Summary
In a patchwork universe stitched from gingham and soot, a three-year-old heiress of loneliness wakes beneath lace canopies while, three miles away, a freight-car insomniac jolts awake to the 8A’s iron lung. Between them yawns a valley of class schism: silk ribbons on one slope, cinders on the other. Her only courtier is Pal, a terrier with the soul of a valet; his is a spider-monkey pickpocket named Joe who pickpockets apples from the mouths of locomotives. One dawn, a goat—half satyr, half garbage disposal—ambushes a runaway perambulator, sending a rag doll skidding downhill like a parachutist without a parachute. The boy from the wrong side of the couplers intercepts fate, clutching the toy with soot-black hands that smell of coal-oil and mercy. In the fallout, a pair of bloomers becomes a burlesque curtain, a washer wrings redemption, and a stolen rent envelope becomes the holy host at a hobo revival where silk meets soot in a hymn stitched by monkeys and dogs.
Synopsis
This comedy short is about two broken families on different sides of the track. A little girl played by three-year old Doreen Turner has a caretaker played by Pal the Dog, and a secondary caregiver, her grandmother. Pal wakes her up, taking her from her bed to the downstairs kitchen in hopes of starting her day with a full breakfast. Meanwhile, Mr.
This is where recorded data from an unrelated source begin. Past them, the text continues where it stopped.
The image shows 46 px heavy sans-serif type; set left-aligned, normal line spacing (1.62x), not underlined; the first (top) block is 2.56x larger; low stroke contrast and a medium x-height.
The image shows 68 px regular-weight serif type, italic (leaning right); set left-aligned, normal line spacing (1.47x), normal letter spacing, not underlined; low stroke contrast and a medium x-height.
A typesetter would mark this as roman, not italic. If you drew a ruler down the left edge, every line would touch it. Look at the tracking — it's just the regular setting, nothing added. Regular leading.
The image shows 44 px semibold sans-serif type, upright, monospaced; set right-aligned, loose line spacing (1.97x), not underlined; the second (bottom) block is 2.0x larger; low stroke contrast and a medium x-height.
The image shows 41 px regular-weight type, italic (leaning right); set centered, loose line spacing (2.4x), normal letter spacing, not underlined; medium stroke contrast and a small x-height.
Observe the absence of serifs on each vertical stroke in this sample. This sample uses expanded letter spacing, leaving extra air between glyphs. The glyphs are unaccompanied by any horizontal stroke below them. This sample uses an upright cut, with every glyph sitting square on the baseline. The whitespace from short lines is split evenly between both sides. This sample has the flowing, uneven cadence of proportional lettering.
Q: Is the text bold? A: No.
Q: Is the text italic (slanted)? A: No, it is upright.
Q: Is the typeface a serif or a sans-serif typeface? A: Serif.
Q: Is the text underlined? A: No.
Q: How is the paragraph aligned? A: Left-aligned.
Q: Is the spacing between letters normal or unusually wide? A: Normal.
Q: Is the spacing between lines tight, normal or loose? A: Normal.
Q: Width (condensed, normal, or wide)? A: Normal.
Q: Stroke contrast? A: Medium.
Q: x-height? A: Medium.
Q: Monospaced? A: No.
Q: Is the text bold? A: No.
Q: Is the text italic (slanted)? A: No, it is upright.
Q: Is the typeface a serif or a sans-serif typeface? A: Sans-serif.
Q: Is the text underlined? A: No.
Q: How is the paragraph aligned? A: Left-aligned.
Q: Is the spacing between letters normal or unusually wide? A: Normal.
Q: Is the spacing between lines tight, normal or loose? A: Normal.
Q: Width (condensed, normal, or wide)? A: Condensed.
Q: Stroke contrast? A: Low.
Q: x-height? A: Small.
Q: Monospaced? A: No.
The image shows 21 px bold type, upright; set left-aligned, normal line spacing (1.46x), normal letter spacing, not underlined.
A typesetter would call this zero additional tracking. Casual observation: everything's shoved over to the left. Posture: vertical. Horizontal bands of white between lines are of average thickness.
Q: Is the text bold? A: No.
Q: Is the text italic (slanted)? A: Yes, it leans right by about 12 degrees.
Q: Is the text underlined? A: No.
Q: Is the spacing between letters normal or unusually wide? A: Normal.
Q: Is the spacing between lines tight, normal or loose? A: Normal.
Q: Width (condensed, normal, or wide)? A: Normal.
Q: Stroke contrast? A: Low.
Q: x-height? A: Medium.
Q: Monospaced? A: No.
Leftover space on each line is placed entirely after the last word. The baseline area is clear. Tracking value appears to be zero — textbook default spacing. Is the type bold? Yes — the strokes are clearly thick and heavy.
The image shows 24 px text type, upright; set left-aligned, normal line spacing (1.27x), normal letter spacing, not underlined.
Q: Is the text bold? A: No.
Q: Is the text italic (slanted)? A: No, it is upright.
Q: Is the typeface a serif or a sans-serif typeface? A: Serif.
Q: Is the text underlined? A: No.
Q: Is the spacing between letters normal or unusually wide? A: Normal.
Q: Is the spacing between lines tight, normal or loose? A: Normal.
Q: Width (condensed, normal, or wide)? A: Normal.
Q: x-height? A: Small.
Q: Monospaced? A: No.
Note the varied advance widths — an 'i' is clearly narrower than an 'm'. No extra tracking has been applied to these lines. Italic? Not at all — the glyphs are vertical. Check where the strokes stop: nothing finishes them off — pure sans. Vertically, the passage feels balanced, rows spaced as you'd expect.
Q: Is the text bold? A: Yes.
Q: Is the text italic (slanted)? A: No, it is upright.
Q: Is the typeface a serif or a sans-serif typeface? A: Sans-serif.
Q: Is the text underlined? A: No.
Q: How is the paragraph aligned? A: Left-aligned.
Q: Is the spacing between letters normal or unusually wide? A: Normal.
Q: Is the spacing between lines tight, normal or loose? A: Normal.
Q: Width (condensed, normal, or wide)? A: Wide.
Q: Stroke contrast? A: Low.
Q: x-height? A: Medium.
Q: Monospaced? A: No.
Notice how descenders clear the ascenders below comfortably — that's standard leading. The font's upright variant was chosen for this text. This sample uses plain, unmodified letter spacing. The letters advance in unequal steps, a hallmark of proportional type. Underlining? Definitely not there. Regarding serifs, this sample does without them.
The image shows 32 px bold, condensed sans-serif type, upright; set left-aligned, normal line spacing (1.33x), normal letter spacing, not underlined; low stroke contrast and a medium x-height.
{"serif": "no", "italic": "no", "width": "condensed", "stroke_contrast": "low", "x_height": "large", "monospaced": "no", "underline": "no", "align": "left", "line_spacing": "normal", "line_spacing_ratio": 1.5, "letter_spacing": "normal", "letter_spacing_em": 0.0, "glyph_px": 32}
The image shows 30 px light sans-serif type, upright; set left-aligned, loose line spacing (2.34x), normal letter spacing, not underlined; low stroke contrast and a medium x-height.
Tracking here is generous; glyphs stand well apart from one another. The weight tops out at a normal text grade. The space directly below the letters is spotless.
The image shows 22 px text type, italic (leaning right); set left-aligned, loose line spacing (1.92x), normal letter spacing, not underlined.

Race (Jack Cooper) is living in a freight train car depending on the 8A train to wake him up along with his nephew (Lawrence Licalzi) and their pet monkey (played by Joe the Monkey). A comic scene has Race taking a shower using the steam engine water trough at the water stop. The makeshift wall obscuring his shower is blown over revealing him fully clothed man with an umbrella as he waits for the proper water temperature. Meanwhile, Jimmy has gone to forage for food and try to get some work for needed money. Fate brings the upper and lower class together when the girl's baby buggy with her rag doll and morning bottle of milk are intercepted by a hungry baby goat. The goat steals the bottle of milk and in the process the carriage with doll rolls down a steep hill. Enter Jimmy who saves the day by stopping the carriage and returning the doll. Jimmy is repaid by the grandmother allowing him to assist with the laundry. Yet more reveal humor transpires as Jimmy is given fresh clothes and he tries them on behind sheets hanging from the clothesline. As the dog and monkey play around the clothesline, the sheets move revealing Jimmy in underwear and other garments to the delight of the young girl. But things take a turn when Joe steals the rag doll and Pal, trying to retrieve it, ends up tearing the leg off of the doll. To punish the pair, Jimmy assigns Pal and Joe to laundry detail. Pal operates the hand-cranked washer with Joe on line duty. The grandmother has the rent money for the landlord but Jimmy's Uncle swipes it to take to his homeless friends. Joe and Pal must retrieve the money and convince him that honestly is the best policy - also the original working title of the short. This brings the whole cast together in a Sunday evening revival in which the tramps meet the better-off characters and they have a happy ending with boy and girl, uncle and grandma, and monkey and dog all paired together in harmony.